“Volatile,” a word that is often used to describe the price of natural gas with its random-appearing jumps and plunges, head fakes, and whiplash-inducing turnarounds, no longer describes the price of natural gas. “Chaotic” would be a better term.
Friday last week, when stocks were getting sacked, natural gas soared 9.6% to $5.18 per million British thermal units (MMBtu) at the Henry Hub. Up 20% for the week. The highest close since June 2010. On Monday, natural gas got smacked back down about halfway, but on Tuesday it rose sharply. And today, when stocks got sacked again, gosh….

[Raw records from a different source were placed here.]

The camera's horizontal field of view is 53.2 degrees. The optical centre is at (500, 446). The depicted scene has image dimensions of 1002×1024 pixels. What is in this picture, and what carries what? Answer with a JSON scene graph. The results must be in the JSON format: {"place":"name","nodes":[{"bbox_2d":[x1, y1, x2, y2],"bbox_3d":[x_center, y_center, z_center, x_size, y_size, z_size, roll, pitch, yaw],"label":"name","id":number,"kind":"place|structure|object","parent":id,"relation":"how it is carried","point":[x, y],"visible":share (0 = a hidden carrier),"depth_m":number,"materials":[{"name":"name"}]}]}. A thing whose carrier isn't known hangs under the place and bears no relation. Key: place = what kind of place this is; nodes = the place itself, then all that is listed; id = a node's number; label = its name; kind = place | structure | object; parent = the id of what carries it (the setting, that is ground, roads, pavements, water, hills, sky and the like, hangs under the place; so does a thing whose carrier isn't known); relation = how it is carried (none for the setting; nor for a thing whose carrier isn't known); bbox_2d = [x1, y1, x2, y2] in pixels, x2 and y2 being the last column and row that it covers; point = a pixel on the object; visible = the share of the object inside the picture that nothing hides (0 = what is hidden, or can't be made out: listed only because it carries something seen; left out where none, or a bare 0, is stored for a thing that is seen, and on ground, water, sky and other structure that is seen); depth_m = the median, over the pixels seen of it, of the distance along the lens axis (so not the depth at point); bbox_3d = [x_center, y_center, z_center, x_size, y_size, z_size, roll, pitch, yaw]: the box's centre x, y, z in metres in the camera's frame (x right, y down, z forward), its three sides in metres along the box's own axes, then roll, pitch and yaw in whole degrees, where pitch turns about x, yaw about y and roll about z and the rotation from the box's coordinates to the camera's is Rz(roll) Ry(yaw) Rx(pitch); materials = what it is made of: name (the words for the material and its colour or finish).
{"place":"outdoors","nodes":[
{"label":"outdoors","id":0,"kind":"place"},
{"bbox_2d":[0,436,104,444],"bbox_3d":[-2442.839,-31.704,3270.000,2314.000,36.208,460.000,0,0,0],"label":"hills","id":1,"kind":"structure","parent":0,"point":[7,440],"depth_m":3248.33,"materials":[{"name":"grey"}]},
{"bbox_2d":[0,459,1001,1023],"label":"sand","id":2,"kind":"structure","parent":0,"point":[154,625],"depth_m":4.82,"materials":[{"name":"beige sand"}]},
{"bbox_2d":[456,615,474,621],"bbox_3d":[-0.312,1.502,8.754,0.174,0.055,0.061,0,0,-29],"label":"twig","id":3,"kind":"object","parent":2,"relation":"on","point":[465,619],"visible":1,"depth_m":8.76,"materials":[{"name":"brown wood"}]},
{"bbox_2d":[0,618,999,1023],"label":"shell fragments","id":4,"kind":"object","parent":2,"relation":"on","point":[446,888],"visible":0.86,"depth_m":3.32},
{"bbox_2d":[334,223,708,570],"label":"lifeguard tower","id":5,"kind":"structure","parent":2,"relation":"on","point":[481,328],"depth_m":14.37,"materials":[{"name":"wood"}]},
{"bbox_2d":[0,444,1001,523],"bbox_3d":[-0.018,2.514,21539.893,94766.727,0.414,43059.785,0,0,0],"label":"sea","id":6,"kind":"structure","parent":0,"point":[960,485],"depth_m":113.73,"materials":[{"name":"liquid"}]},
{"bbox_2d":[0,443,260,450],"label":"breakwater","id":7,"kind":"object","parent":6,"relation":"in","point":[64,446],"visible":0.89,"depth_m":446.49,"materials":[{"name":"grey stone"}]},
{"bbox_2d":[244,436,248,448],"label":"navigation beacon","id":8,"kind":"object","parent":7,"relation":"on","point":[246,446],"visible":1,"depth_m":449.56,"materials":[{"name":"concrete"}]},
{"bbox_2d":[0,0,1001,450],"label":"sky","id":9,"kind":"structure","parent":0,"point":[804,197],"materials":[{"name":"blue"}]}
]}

February natural gas futures, which expired today, soared a dizzying 13% to $5.687 per MMBtu at the Henry Hub, the highest for front-month futures since January 2010. Much of the move occurred during the last hour of the trading day. It might have been the result of an epic short squeeze, and an act of utter expiration desperation.
March futures jumped 7.4% to $5.305. Natural gas is now in the fairly rare condition of backwardation, when front-month futures are priced higher than forward futures. For example, November futures settled at $4.51 up 2.8%. Backwardation occurs during periods of peak demand, either in cold periods during the winter or a long heat wave during the summer when gas-fired powerplants run at near capacity in large parts of the country. It’s another sign of market desperation
The four reasons for the price pressures that I pointed out a few days ago are still intact [read… From “Glut” To Panic: Natural Gas Soars]:
1. The low price of US natural gas – unique in the developed world – has caused demand to creep up. In 2014, demand will likely be over 20% higher than it was in 2005, the year of the record price spike when natural gas reached $15.40 per MMBtu.

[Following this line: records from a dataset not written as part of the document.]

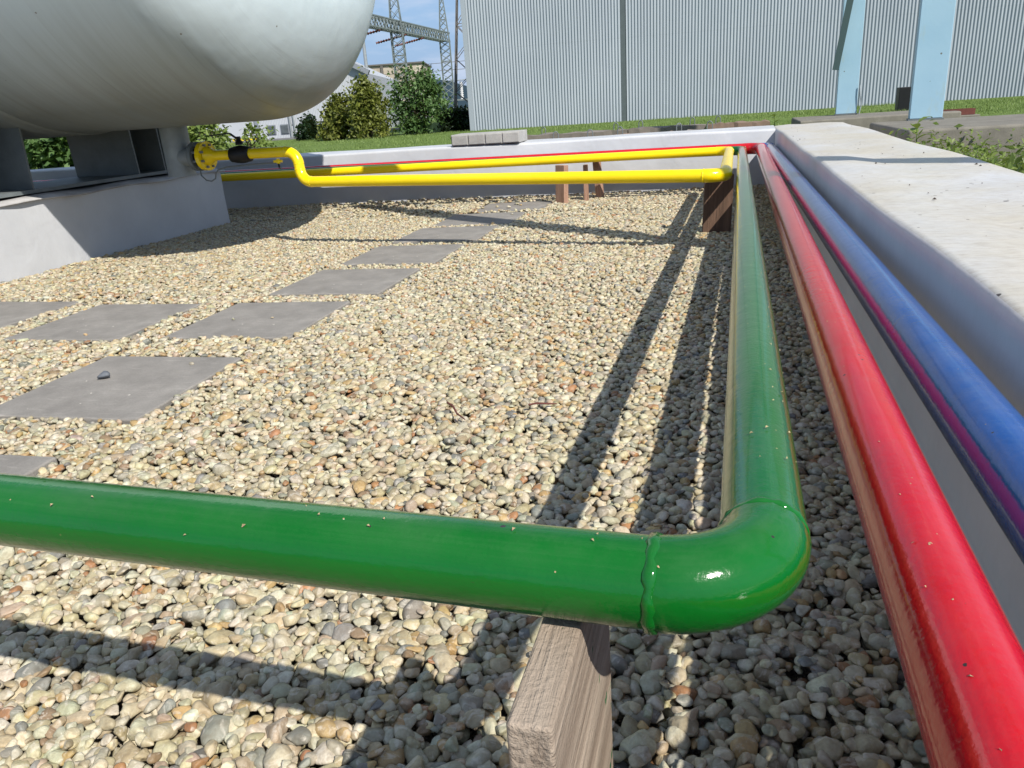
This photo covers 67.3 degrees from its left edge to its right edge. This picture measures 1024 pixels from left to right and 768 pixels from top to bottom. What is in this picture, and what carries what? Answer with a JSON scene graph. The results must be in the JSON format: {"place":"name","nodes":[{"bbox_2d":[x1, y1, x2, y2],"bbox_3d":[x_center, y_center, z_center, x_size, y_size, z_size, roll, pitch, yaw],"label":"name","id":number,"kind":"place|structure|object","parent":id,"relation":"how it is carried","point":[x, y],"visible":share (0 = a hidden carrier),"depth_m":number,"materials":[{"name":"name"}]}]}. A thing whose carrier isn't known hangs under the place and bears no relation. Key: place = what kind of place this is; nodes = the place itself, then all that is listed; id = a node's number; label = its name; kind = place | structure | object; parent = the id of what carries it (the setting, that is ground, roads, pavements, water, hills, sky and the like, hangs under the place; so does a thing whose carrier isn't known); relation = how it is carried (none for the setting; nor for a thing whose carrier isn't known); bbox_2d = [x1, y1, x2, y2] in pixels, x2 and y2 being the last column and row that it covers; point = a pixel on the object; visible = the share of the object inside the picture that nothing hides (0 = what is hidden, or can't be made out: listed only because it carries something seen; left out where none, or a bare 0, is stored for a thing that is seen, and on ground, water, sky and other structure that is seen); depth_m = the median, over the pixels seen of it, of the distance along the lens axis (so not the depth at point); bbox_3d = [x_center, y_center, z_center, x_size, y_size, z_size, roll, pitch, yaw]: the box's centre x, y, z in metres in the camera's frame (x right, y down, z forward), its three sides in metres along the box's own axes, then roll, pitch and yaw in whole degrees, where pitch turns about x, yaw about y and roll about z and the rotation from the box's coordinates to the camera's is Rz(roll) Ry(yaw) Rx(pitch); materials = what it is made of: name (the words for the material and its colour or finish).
{"place":"outdoors","nodes":[
{"label":"outdoors","id":0,"kind":"place"},
{"bbox_2d":[223,128,397,142],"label":"pavement","id":1,"kind":"structure","parent":0,"point":[286,138],"depth_m":25.91,"materials":[{"name":"grey concrete"}]},
{"bbox_2d":[356,0,466,85],"label":"sky","id":2,"kind":"structure","parent":0,"point":[419,12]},
{"bbox_2d":[432,78,467,107],"bbox_3d":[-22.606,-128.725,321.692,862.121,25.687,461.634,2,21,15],"label":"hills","id":3,"kind":"structure","parent":0,"point":[460,103],"depth_m":384.62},
{"bbox_2d":[0,184,929,767],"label":"gravel bed","id":4,"kind":"object","parent":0,"point":[793,676],"depth_m":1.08,"materials":[{"name":"beige gravel"}]},
{"bbox_2d":[0,455,58,475],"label":"paving slab","id":5,"kind":"structure","parent":4,"relation":"on","point":[21,465],"depth_m":1.77,"materials":[{"name":"grey concrete"}]},
{"bbox_2d":[0,301,77,327],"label":"paving slab","id":6,"kind":"structure","parent":4,"relation":"on","point":[13,313],"depth_m":3.36,"materials":[{"name":"grey concrete"}]},
{"bbox_2d":[4,304,200,343],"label":"paving slab","id":7,"kind":"structure","parent":4,"relation":"on","point":[108,322],"depth_m":3.02,"materials":[{"name":"grey concrete"}]},
{"bbox_2d":[0,168,229,281],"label":"tank plinth","id":8,"kind":"structure","parent":4,"relation":"on","point":[41,232],"depth_m":4.67,"materials":[{"name":"grey concrete"}]},
{"bbox_2d":[0,0,374,197],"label":"storage tank","id":9,"kind":"object","parent":8,"relation":"on","point":[113,90],"visible":0.98,"depth_m":3.73,"materials":[{"name":"white metal"}]},
{"bbox_2d":[191,133,733,186],"bbox_3d":[-1.664,-1.480,5.085,6.040,0.382,2.091,2,21,15],"label":"yellow pipe","id":10,"kind":"object","parent":9,"relation":"attached to","point":[207,156],"visible":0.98,"depth_m":4.38,"materials":[{"name":"metal"}]},
{"bbox_2d":[199,162,275,181],"bbox_3d":[-1.611,-1.242,4.511,0.519,0.093,0.029,2,21,15],"label":"earthing cable","id":11,"kind":"object","parent":10,"relation":"hanging from","point":[234,166],"visible":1,"depth_m":4.51,"materials":[{"name":"grey paint"}]},
{"bbox_2d":[0,356,242,427],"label":"paving slab","id":12,"kind":"structure","parent":4,"relation":"on","point":[129,389],"depth_m":2.24,"materials":[{"name":"grey concrete"}]},
{"bbox_2d":[97,371,109,378],"bbox_3d":[-1.240,-0.028,2.337,0.040,0.024,0.028,-6,20,-6],"label":"stone","id":13,"kind":"object","parent":12,"relation":"on","point":[104,374],"visible":1,"depth_m":2.33,"materials":[{"name":"stone"}]},
{"bbox_2d":[163,301,349,343],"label":"paving slab","id":14,"kind":"structure","parent":4,"relation":"on","point":[253,320],"depth_m":2.90,"materials":[{"name":"grey concrete"}]},
{"bbox_2d":[269,268,419,296],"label":"paving slab","id":15,"kind":"structure","parent":4,"relation":"on","point":[376,282],"depth_m":3.44,"materials":[{"name":"grey concrete"}]},
{"bbox_2d":[30,125,775,208],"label":"retaining wall","id":16,"kind":"structure","parent":4,"relation":"on","point":[246,194],"depth_m":6.20,"materials":[{"name":"grey concrete"}]},
{"bbox_2d":[451,129,526,145],"bbox_3d":[-0.182,-1.992,6.224,0.560,0.085,0.308,1,21,14],"label":"concrete block","id":17,"kind":"object","parent":16,"relation":"on","point":[492,137],"depth_m":6.09,"materials":[{"name":"grey concrete"}]},
{"bbox_2d":[342,244,464,267],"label":"paving slab","id":18,"kind":"structure","parent":4,"relation":"on","point":[408,254],"depth_m":4.02,"materials":[{"name":"grey concrete"}]},
{"bbox_2d":[0,146,811,634],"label":"green pipe","id":19,"kind":"object","parent":4,"relation":"on","point":[746,560],"visible":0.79,"depth_m":0.54,"materials":[{"name":"metal"}]},
{"bbox_2d":[392,225,497,243],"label":"paving slab","id":20,"kind":"structure","parent":4,"relation":"on","point":[453,234],"depth_m":4.55,"materials":[{"name":"grey concrete"}]},
{"bbox_2d":[446,402,464,419],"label":"twig","id":21,"kind":"object","parent":4,"relation":"on","point":[451,405],"visible":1,"depth_m":1.85,"materials":[{"name":"brown wood"}]},
{"bbox_2d":[435,212,524,226],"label":"paving slab","id":22,"kind":"structure","parent":4,"relation":"on","point":[484,219],"depth_m":5.08,"materials":[{"name":"grey concrete"}]},
{"bbox_2d":[471,200,553,213],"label":"paving slab","id":23,"kind":"structure","parent":4,"relation":"on","point":[524,205],"depth_m":5.61,"materials":[{"name":"grey concrete"}]},
{"bbox_2d":[528,402,556,405],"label":"twig","id":24,"kind":"object","parent":4,"relation":"on","point":[541,403],"visible":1,"depth_m":1.88,"materials":[{"name":"brown wood"}]},
{"bbox_2d":[506,617,612,767],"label":"wooden support","id":25,"kind":"object","parent":4,"relation":"on","point":[560,715],"visible":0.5,"depth_m":0.49,"materials":[{"name":"brown wood"}]},
{"bbox_2d":[555,165,567,202],"bbox_3d":[0.360,-1.414,5.553,0.044,0.320,0.090,-16,23,-38],"label":"wooden support","id":26,"kind":"object","parent":4,"relation":"on","point":[561,193],"visible":0.56,"depth_m":5.53,"materials":[{"name":"brown wood"}]},
{"bbox_2d":[583,164,588,200],"bbox_3d":[0.543,-1.435,5.633,0.032,0.330,0.060,0,20,10],"label":"wooden support","id":27,"kind":"object","parent":4,"relation":"on","point":[586,187],"visible":0.56,"depth_m":5.61,"materials":[{"name":"brown wood"}]},
{"bbox_2d":[593,162,603,197],"bbox_3d":[0.648,-1.483,5.737,0.044,0.340,0.060,2,20,30],"label":"wooden support","id":28,"kind":"object","parent":4,"relation":"on","point":[599,190],"visible":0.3,"depth_m":5.71,"materials":[{"name":"brown wood"}]},
{"bbox_2d":[702,173,733,232],"bbox_3d":[1.073,-0.921,4.018,0.144,0.340,0.044,1,21,9],"label":"wooden support","id":29,"kind":"object","parent":4,"relation":"on","point":[717,205],"visible":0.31,"depth_m":4.00,"materials":[{"name":"brown wood"}]},
{"bbox_2d":[774,122,1023,649],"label":"retaining wall","id":30,"kind":"structure","parent":4,"relation":"on","point":[951,257],"depth_m":1.58,"materials":[{"name":"grey concrete"}]},
{"bbox_2d":[764,143,1023,564],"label":"blue pipe","id":31,"kind":"object","parent":30,"relation":"attached to","point":[976,416],"visible":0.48,"depth_m":0.95,"materials":[{"name":"metal"}]},
{"bbox_2d":[41,145,1001,750],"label":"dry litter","id":32,"kind":"object","parent":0,"point":[597,533],"visible":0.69,"depth_m":0.60,"materials":[{"name":"beige plant"}]},
{"bbox_2d":[33,143,1023,767],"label":"red pipe","id":33,"kind":"object","parent":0,"point":[915,537],"visible":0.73,"depth_m":0.59,"materials":[{"name":"metal"}]},
{"bbox_2d":[33,96,1023,168],"bbox_3d":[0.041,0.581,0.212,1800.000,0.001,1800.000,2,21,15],"label":"ground","id":34,"kind":"structure","parent":0,"point":[434,123],"depth_m":16.75,"materials":[{"name":"green plant"}]},
{"bbox_2d":[23,137,74,169],"bbox_3d":[-6.982,-4.064,11.735,4.170,1.885,2.699,2,21,15],"label":"laurel bush","id":35,"kind":"object","parent":34,"relation":"on","point":[46,153],"visible":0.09,"depth_m":11.07,"materials":[{"name":"green plant"}]},
{"bbox_2d":[187,124,233,149],"bbox_3d":[-3.728,-2.874,9.252,0.848,0.864,1.020,-7,20,-8],"label":"lime shrub","id":36,"kind":"object","parent":34,"relation":"on","point":[198,133],"visible":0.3,"depth_m":9.06,"materials":[{"name":"green plant"}]},
{"bbox_2d":[240,121,278,147],"bbox_3d":[-3.117,-2.896,9.437,0.602,0.701,0.691,-15,23,-27],"label":"lime shrub","id":37,"kind":"object","parent":34,"relation":"on","point":[258,138],"visible":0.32,"depth_m":9.32,"materials":[{"name":"green plant"}]},
{"bbox_2d":[204,62,398,141],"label":"white factory","id":38,"kind":"structure","parent":34,"relation":"on","point":[284,127],"depth_m":26.84,"materials":[{"name":"grey paint"}]},
{"bbox_2d":[219,122,254,138],"bbox_3d":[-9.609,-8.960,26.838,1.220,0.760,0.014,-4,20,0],"label":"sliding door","id":39,"kind":"structure","parent":38,"relation":"in","point":[234,128],"depth_m":26.84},
{"bbox_2d":[292,111,320,140],"bbox_3d":[-5.910,-7.538,22.286,0.859,0.985,0.861,-14,22,-26],"label":"dark shrub","id":40,"kind":"object","parent":34,"relation":"on","point":[306,129],"visible":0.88,"depth_m":22.16,"materials":[{"name":"green plant"}]},
{"bbox_2d":[316,85,365,140],"bbox_3d":[-4.655,-7.498,20.666,1.428,1.902,1.322,-7,20,-8],"label":"evergreen shrub","id":41,"kind":"object","parent":34,"relation":"on","point":[333,125],"visible":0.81,"depth_m":20.52,"materials":[{"name":"green plant"}]},
{"bbox_2d":[362,42,367,68],"bbox_3d":[-6.839,-14.087,32.434,1.728,6.360,0.304,6,22,25],"label":"lamp post","id":42,"kind":"object","parent":34,"relation":"on","point":[365,56],"visible":0.2,"depth_m":32.11,"materials":[{"name":"metal"}]},
{"bbox_2d":[342,65,395,139],"bbox_3d":[-3.713,-7.246,19.852,1.436,1.836,1.525,-11,21,-18],"label":"evergreen shrub","id":43,"kind":"object","parent":34,"relation":"on","point":[367,106],"visible":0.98,"depth_m":19.64,"materials":[{"name":"green plant"}]},
{"bbox_2d":[368,61,432,116],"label":"concrete hall","id":44,"kind":"structure","parent":34,"relation":"on","point":[381,69],"depth_m":55.07,"materials":[{"name":"beige concrete"}]},
{"bbox_2d":[367,0,453,107],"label":"substation gantry","id":45,"kind":"object","parent":34,"relation":"on","point":[403,27],"visible":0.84,"depth_m":41.59,"materials":[{"name":"grey metal"}]},
{"bbox_2d":[371,61,454,68],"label":"overhead wire","id":46,"kind":"object","parent":45,"relation":"attached to","point":[413,65],"visible":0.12,"depth_m":47.95,"materials":[{"name":"black metal"}]},
{"bbox_2d":[378,61,460,134],"bbox_3d":[-2.569,-7.639,20.623,2.150,1.888,1.727,2,21,15],"label":"leafy bush","id":47,"kind":"object","parent":34,"relation":"on","point":[429,101],"visible":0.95,"depth_m":20.41,"materials":[{"name":"green plant"}]},
{"bbox_2d":[432,104,469,131],"bbox_3d":[-1.128,-7.425,21.407,2.019,0.786,1.546,2,21,15],"label":"hedge","id":48,"kind":"object","parent":34,"relation":"on","point":[458,119],"visible":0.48,"depth_m":21.12,"materials":[{"name":"green plant"}]},
{"bbox_2d":[454,0,467,107],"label":"lattice pylon","id":49,"kind":"object","parent":34,"relation":"on","point":[456,52],"visible":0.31,"depth_m":33.78,"materials":[{"name":"metal"}]},
{"bbox_2d":[457,79,467,108],"bbox_3d":[-1.340,-14.000,37.773,2.950,1.925,0.670,-4,20,0],"label":"switchgear","id":50,"kind":"object","parent":34,"relation":"on","point":[461,92],"visible":0.14,"depth_m":37.51,"materials":[{"name":"white metal"}]},
{"bbox_2d":[527,122,627,139],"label":"concrete beam","id":51,"kind":"structure","parent":34,"relation":"on","point":[545,135],"depth_m":7.85,"materials":[{"name":"grey paint"}]},
{"bbox_2d":[553,129,605,137],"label":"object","id":52,"kind":"structure","parent":34,"relation":"on","point":[572,137],"depth_m":6.79,"materials":[{"name":"grey paint"}]},
{"bbox_2d":[615,123,681,134],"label":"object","id":53,"kind":"structure","parent":34,"relation":"on","point":[643,132],"depth_m":6.67,"materials":[{"name":"grey paint"}]},
{"bbox_2d":[628,117,705,133],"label":"concrete beam","id":54,"kind":"structure","parent":34,"relation":"on","point":[641,129],"depth_m":7.63,"materials":[{"name":"grey paint"}]},
{"bbox_2d":[688,121,767,129],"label":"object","id":55,"kind":"structure","parent":34,"relation":"on","point":[707,126],"depth_m":6.49,"materials":[{"name":"grey paint"}]},
{"bbox_2d":[706,116,769,128],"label":"concrete beam","id":56,"kind":"structure","parent":34,"relation":"on","point":[764,122],"depth_m":7.44,"materials":[{"name":"grey paint"}]},
{"bbox_2d":[460,0,1023,130],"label":"warehouse","id":57,"kind":"structure","parent":34,"relation":"on","point":[535,63],"depth_m":18.90,"materials":[{"name":"grey metal"}]},
{"bbox_2d":[770,111,781,125],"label":"weed plant","id":58,"kind":"object","parent":34,"relation":"on","point":[774,115],"visible":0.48,"depth_m":7.89,"materials":[{"name":"green plant"}]},
{"bbox_2d":[791,111,960,127],"bbox_3d":[3.923,-2.780,8.459,1.626,0.352,0.948,0,20,10],"label":"concrete footing","id":59,"kind":"object","parent":34,"relation":"on","point":[864,120],"visible":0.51,"depth_m":8.03,"materials":[{"name":"grey concrete"}]},
{"bbox_2d":[832,0,865,114],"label":"blue post","id":60,"kind":"object","parent":59,"relation":"on","point":[847,61],"visible":1,"depth_m":8.40,"materials":[{"name":"metal"}]},
{"bbox_2d":[895,87,910,110],"bbox_3d":[7.516,-5.431,14.732,0.260,0.480,0.300,2,21,15],"label":"metal box","id":61,"kind":"object","parent":34,"relation":"on","point":[902,101],"visible":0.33,"depth_m":14.61,"materials":[{"name":"black metal"}]},
{"bbox_2d":[906,116,933,144],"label":"weed plant","id":62,"kind":"object","parent":34,"relation":"on","point":[915,130],"visible":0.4,"depth_m":4.38,"materials":[{"name":"green plant"}]},
{"bbox_2d":[869,114,1023,164],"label":"concrete footing","id":63,"kind":"object","parent":34,"relation":"on","point":[1003,124],"visible":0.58,"depth_m":4.65,"materials":[{"name":"grey concrete"}]},
{"bbox_2d":[906,0,955,120],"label":"blue post","id":64,"kind":"object","parent":63,"relation":"on","point":[932,50],"visible":0.87,"depth_m":5.47,"materials":[{"name":"metal"}]},
{"bbox_2d":[880,119,1023,173],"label":"ground cover","id":65,"kind":"object","parent":34,"relation":"on","point":[1009,160],"visible":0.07,"depth_m":3.91,"materials":[{"name":"green plant"}]},
{"bbox_2d":[943,108,979,116],"bbox_3d":[4.661,-2.736,8.111,0.420,0.310,0.220,2,21,15],"label":"steel channel","id":66,"kind":"object","parent":34,"relation":"on","point":[967,112],"visible":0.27,"depth_m":7.99,"materials":[{"name":"metal"}]}
]}

2. The low price – it has been below the cost of production of “dry gas” for years – destroyed the business model for drillers, and they wrote of tens of billions of dollars and curtailed drilling for dry gas. Production is now declining in many fields. Only the prolific Marcellus play, which has finally been connected via pipelines to New York, keeps total US production positive. But even in the Marcellus, drilling fell off, and decline rates of producing wells are as steep as in other plays.
3. Then cold fronts swept across the country. It started in December and continues today: waves of cold weather hit big, populous parts of the nation, going as far south as Texas and Florida. Forecasts are calling for cold weather to continue for a few more weeks. No one trusts them. And traders are now steeped in sorting through arcane weather details, digging for clues. They’re all betting on the weather.
4. And the big money has jumped into the fray. During the years of the glut, much of the big money was lined up on the short side. But it has switched over to the long side, and those who got in early, say, in April 2012 near the decade-low of $1.92 per MMBtu, had a ferocious, vertigo-inducing rollercoaster ride during which the price of natural gas nearly tripled.
Thursday morning – already chaotic given today’s close – the Energy Department’s EIA will publish its market-moving underground storage report. Fasten your seatbelts. Breathtaking moves one way or the other, accompanied by fireworks, are scheduled.
On January 16, I wrote Natural Gas Squeeze? “Panic hasn’t ensued just yet”. And panic still hasn’t ensued just yet. But some whiffs of it are in the air.